What is the recipe for an Apricot Lady?

Expected result: The model correctly calls the tool and returns the recipe for Apricot Lady.

Test 2: Query for a recipe that does not exist in the database

I'd like the recipe for a Cosmopolitan.

Expected result: The model correctly determines that the recipe was not found (since it’s not in the JSON file), instead of making one up.

B. Test: Suggestions Based on Ingredients

Tool: suggest_cocktails_by_ingredients

These prompts test the _normalize_ingredient logic in rag_engine.py and the system’s ability to handle inconsistent data.

Test 3: Synonym Grouping (Lemon vs Lemon Juice)

I have Gin and Lemon Juice.
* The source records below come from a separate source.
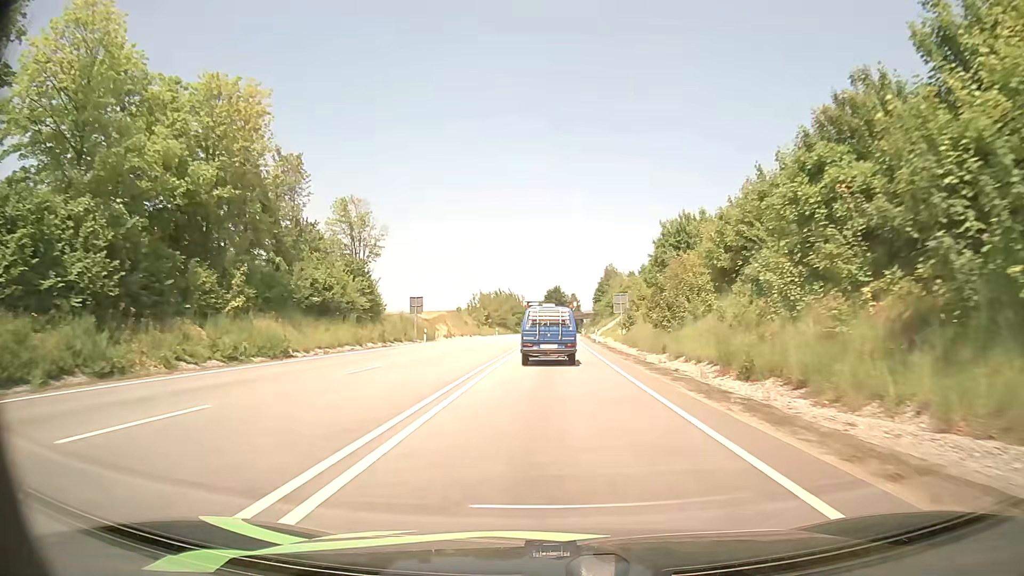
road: primary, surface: asphalt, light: Day
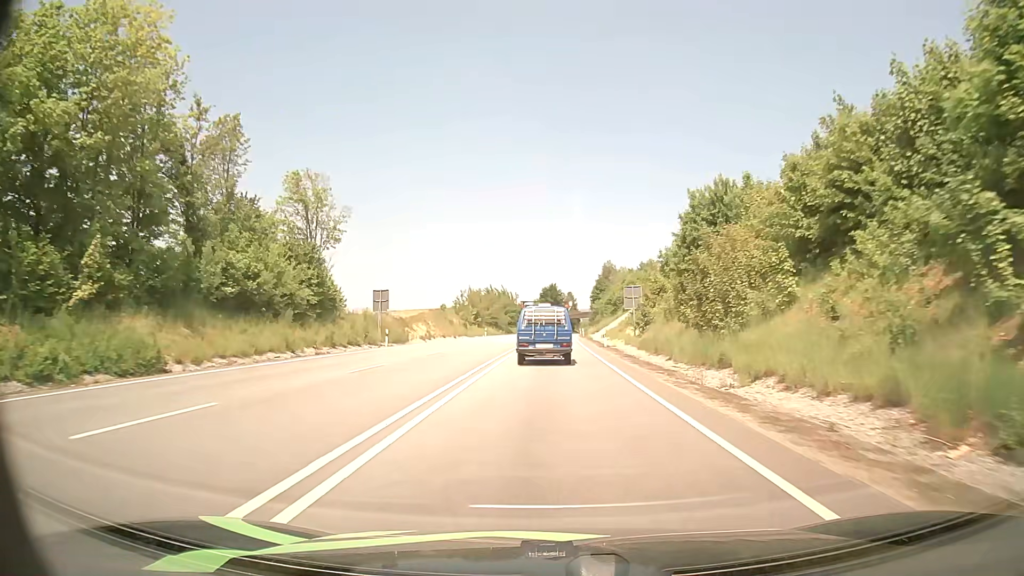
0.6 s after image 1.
(0.0, +11.5) m; 0°
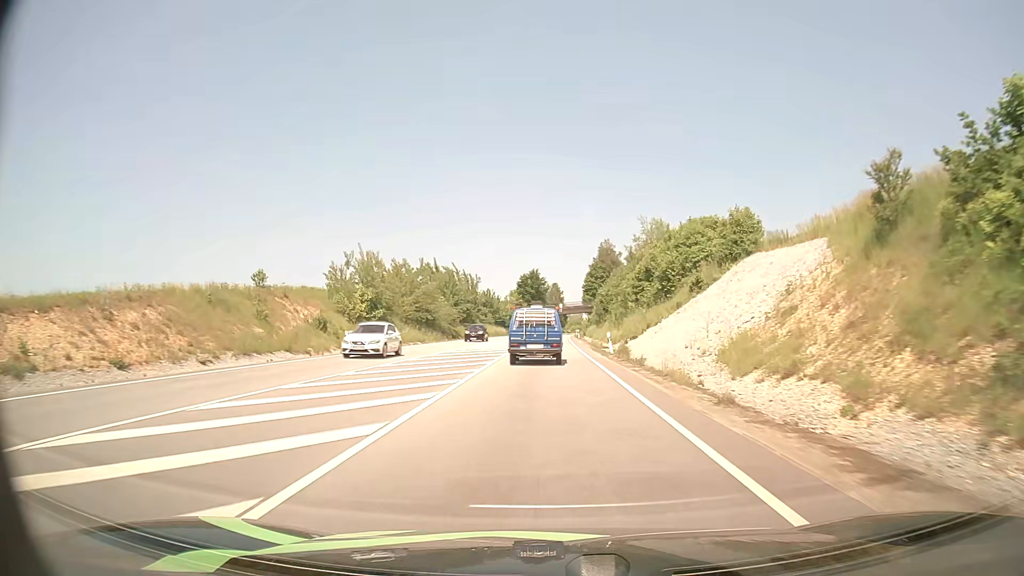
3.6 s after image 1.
(+0.7, +57.9) m; +1°
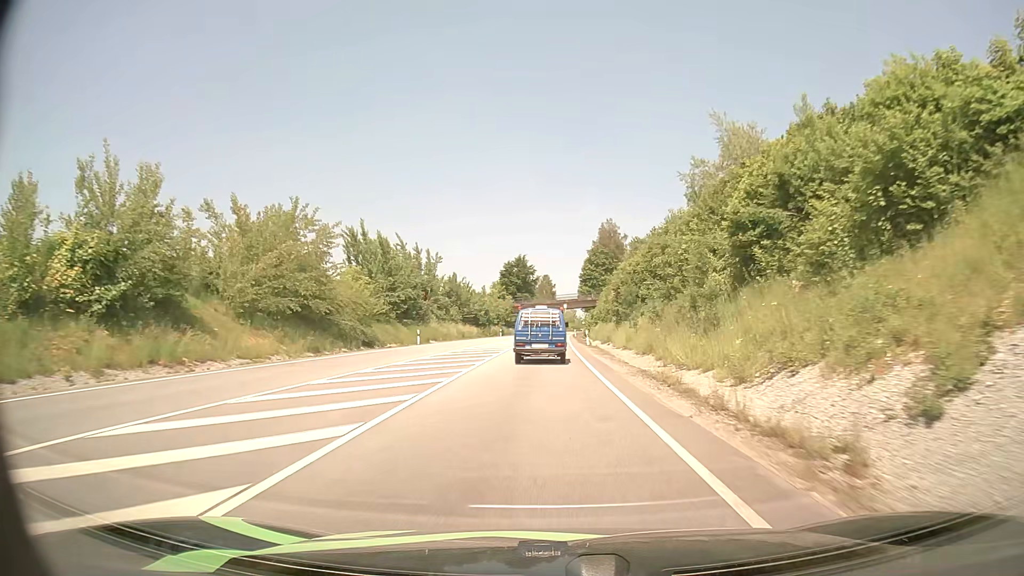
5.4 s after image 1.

What can I make?

Expected result: The system should find cocktails containing both "lemon" (e.g., Long Island Tea) and "lemon juice" (e.g., Gin Sour).

Test 4: Ingredient Differentiation (Lemon vs Lemon Peel)

I have Gin and Lemon Peel. What can I make?

Expected result: The system should NOT display Long Island Tea. It should correctly return cocktails that actually contain "Lemon Peel" (e.g., Alaska Cocktail or Gin Toddy).

C. Test: Suggestions Based on Flavor Preferences

Tool: suggest_cocktails_by_preference

These prompts test tag-based filtering.

Test 5: Tag Filtering (Success - "AND" Logic)

Suggest a cocktail that is "IBA" and "Classic".

Expected result: The model will display a list including Old Fashioned, Negroni, and Dry Martini.

Test 6: Tag Filtering (Error Handling / null)

I want something that is "Vegan" and "Savory".

Expected result: The system will not crash (thanks to null tag handling). The model will correctly determine that nothing was found, since no cocktail in the database has both of those tags simultaneously (Mojito is "Vegan", Old Fashioned is "Savory").